03/10/2009

Day 6—The sweet side of the hills

De Marmagne à Cluny
113 kms


The Vieux Jambon being a favourite dining spot for long-distance truckers, I had the pleasure of having the company of a few of them at dinner last night. It seems they are afflicted with 2 Great Injustices: the police and foreign competition. The former see truckers as “vaches à lait”, knowing that if they haven’t made their incident quotas for the week they can rely on any given trucker to be on the phone/eating at the wheel/three minutes over the time-limit between rest stops to stick him with a fine, which most of the time the company refuses to cover. The latter have swept in from the east since the last extension of the EU and stolen all their jobs, apparently whilst watching porn on portable DVD players and driving at the same time. This last revelation I take to heart, and vow to steer as clear as possible from the giants.

Dinner, in any case, was a triumph of French Golden Oldies—onion soup, boeuf braisé aux carottes, cheese plateau, raspberry bavaroise. Whole world away from camp-stove-cooked pasta with a sauce of chicken bouillon, always slightly redolent of gas, which has been the staple of my diet for the last week. After which I slept for about 12 hours, and woke up to slightly better weather.

After pushing off around 12, I climbed all the way up to Le Creusot, for the sole reason that it is the birthplace of Schneider Electric, the company at which I interned this summer. However, my leisurely tour was rudely interrupted by some mean looking security guys, who objected to me stationing my loaded bicycle anywhere near the Château de la Verrerie which was about to host the employment minister Xavier Darcos for some super-important meeting. Les vélos piégés, c’est la nouvelle forme de terrorisme du 21ème siècle, it seems.
I therefore came away with but One picture as proof of my passage, which goes out along with my Daily Shout-Out to Violaine, Cécile, Aurore, Pen, Hervé, Alban and the rest of my peeps at Schneider.

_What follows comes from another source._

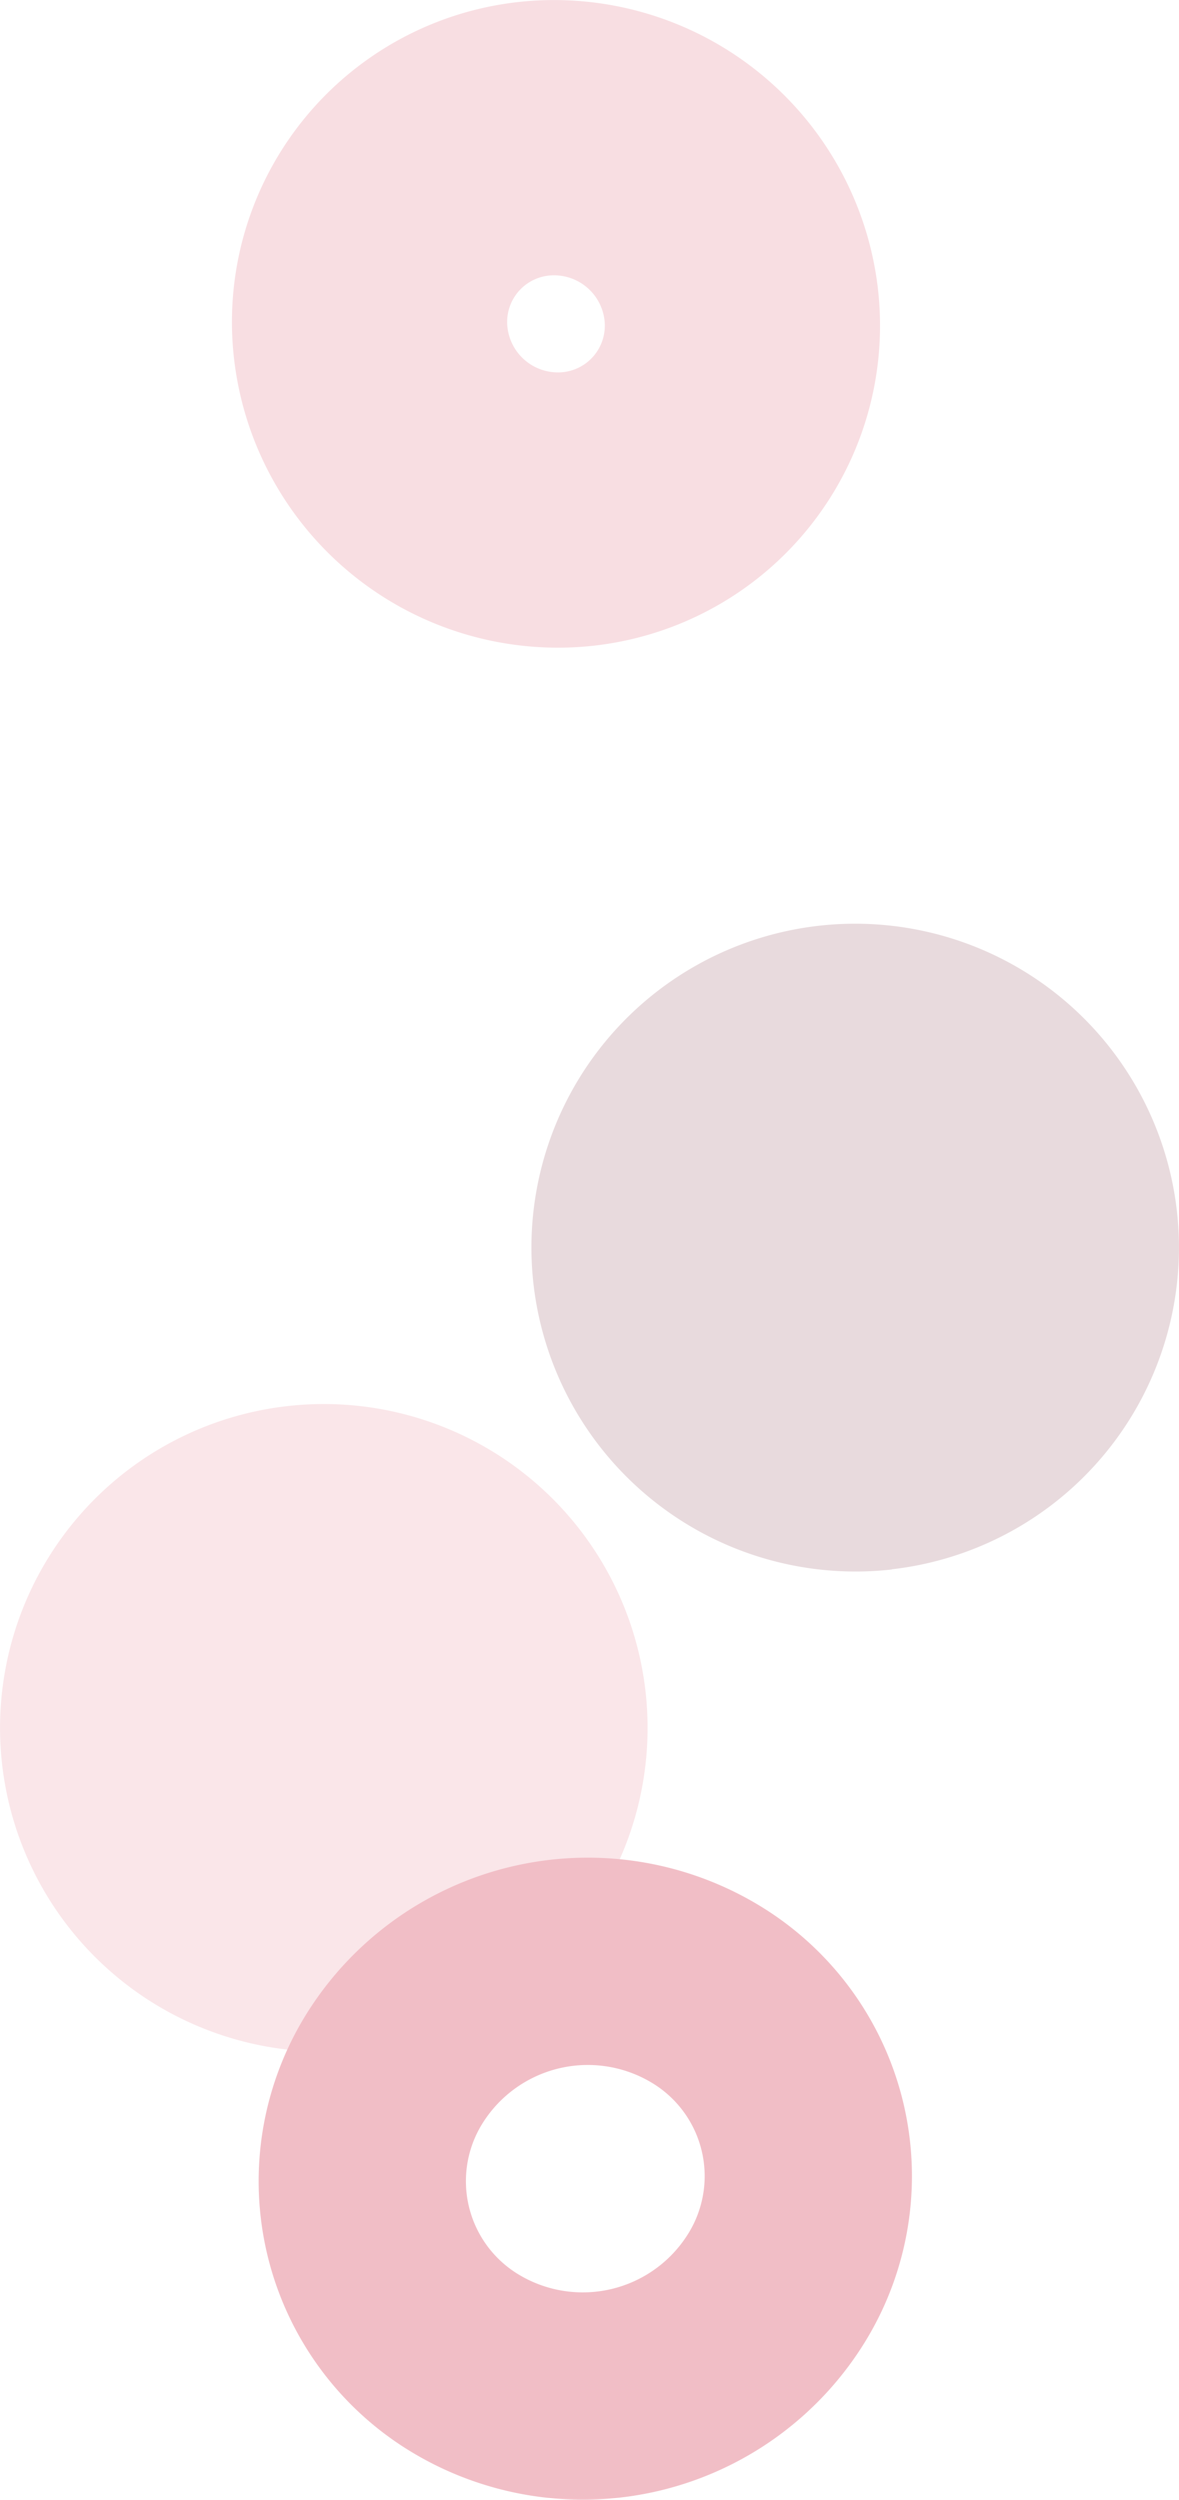 <svg xmlns="http://www.w3.org/2000/svg" xmlns:xlink="http://www.w3.org/1999/xlink" viewBox="0 0 189.14 400.94"><defs><style>.cls-1,.cls-11,.cls-13{fill:none;}.cls-2{isolation:isolate;}.cls-3{clip-path:url(#clip-path);}.cls-4,.cls-7{mix-blend-mode:multiply;}.cls-4{opacity:0.75;}.cls-5{clip-path:url(#clip-path-3);}.cls-6{fill:#f8dee2;}.cls-8{clip-path:url(#clip-path-4);}.cls-9{fill:#e8dadd;}.cls-10{clip-path:url(#clip-path-5);}.cls-11{stroke:#f1bec6;stroke-width:33.25px;}.cls-12{clip-path:url(#clip-path-6);}.cls-13{stroke:#f8dee2;stroke-width:44.15px;}</style><clipPath id="clip-path" transform="translate(0 0)"><rect class="cls-1" width="189.14" height="402.06"></rect></clipPath><clipPath id="clip-path-3" transform="translate(0 0)"><rect class="cls-1" x="-15.28" y="211.67" width="133.77" height="124.97"></rect></clipPath><clipPath id="clip-path-4" transform="translate(0 0)"><rect class="cls-1" x="69.98" y="134.63" width="133.77" height="124.96"></rect></clipPath><clipPath id="clip-path-5" transform="translate(0 0)"><rect class="cls-1" x="14.27" y="267.34" width="162.38" height="159.08"></rect></clipPath><clipPath id="clip-path-6" transform="translate(0 0)"><rect class="cls-1" x="21.96" y="-13.55" width="133.78" height="125.02"></rect></clipPath></defs><g class="cls-2"><g id="Ebene_2" data-name="Ebene 2"><g id="Ebene_1-2" data-name="Ebene 1"><g class="cls-3"><g class="cls-3"><g class="cls-4"><g class="cls-5"><path class="cls-6" d="M57.83,328.74A51.94,51.94,0,1,0,.34,283a51.94,51.94,0,0,0,57.49,45.73" transform="translate(0 0)"></path></g></g><g class="cls-7"><g class="cls-8"><path class="cls-9" d="M143.08,251.7A51.94,51.94,0,1,0,85.59,206a52,52,0,0,0,57.49,45.73" transform="translate(0 0)"></path></g></g><g class="cls-7"><g class="cls-10"><path class="cls-11" d="M74.87,379.2a36.53,36.53,0,0,0,49.48-11.88,34.09,34.09,0,0,0-11.43-47.64,36.54,36.54,0,0,0-49.49,11.88A34.11,34.11,0,0,0,74.87,379.2Z" transform="translate(0 0)"></path></g></g><g class="cls-7"><g class="cls-12"><path class="cls-13" d="M92.77,81.63A29.58,29.58,0,0,0,118.9,48.76a30.23,30.23,0,0,0-33.28-26.5A29.56,29.56,0,0,0,59.49,55.13,30.23,30.23,0,0,0,92.77,81.63Z" transform="translate(0 0)"></path></g></g></g></g></g></g></g></svg>

Le Creusot: seule preuve de mon passage. (Darcos, si tu m'entends, je suis fâchée contre toi).


Such stuff as dreams are made on.


From there, I cut cross-country to reach the lovely “voie verte” that runs along the old train tracks towards Cluny, pretty much letting gravity just pull me down out out of hilly Morvan and down into the plain of the Saône. Oh the clear blue afternoon sky, the riverside châteaux and the heavenly ease of it all. I reached Cluny in time to see the sun set over the old spires of the Medieval monastery, my leg muscles purring contentedly.
Château de la Jmenrappelleplus. All very pretty, though.

1 commentaire:

  1. photographing while cycling? you will soon enough be watching porn and cycling like the polish truck-driver you secretly want to be.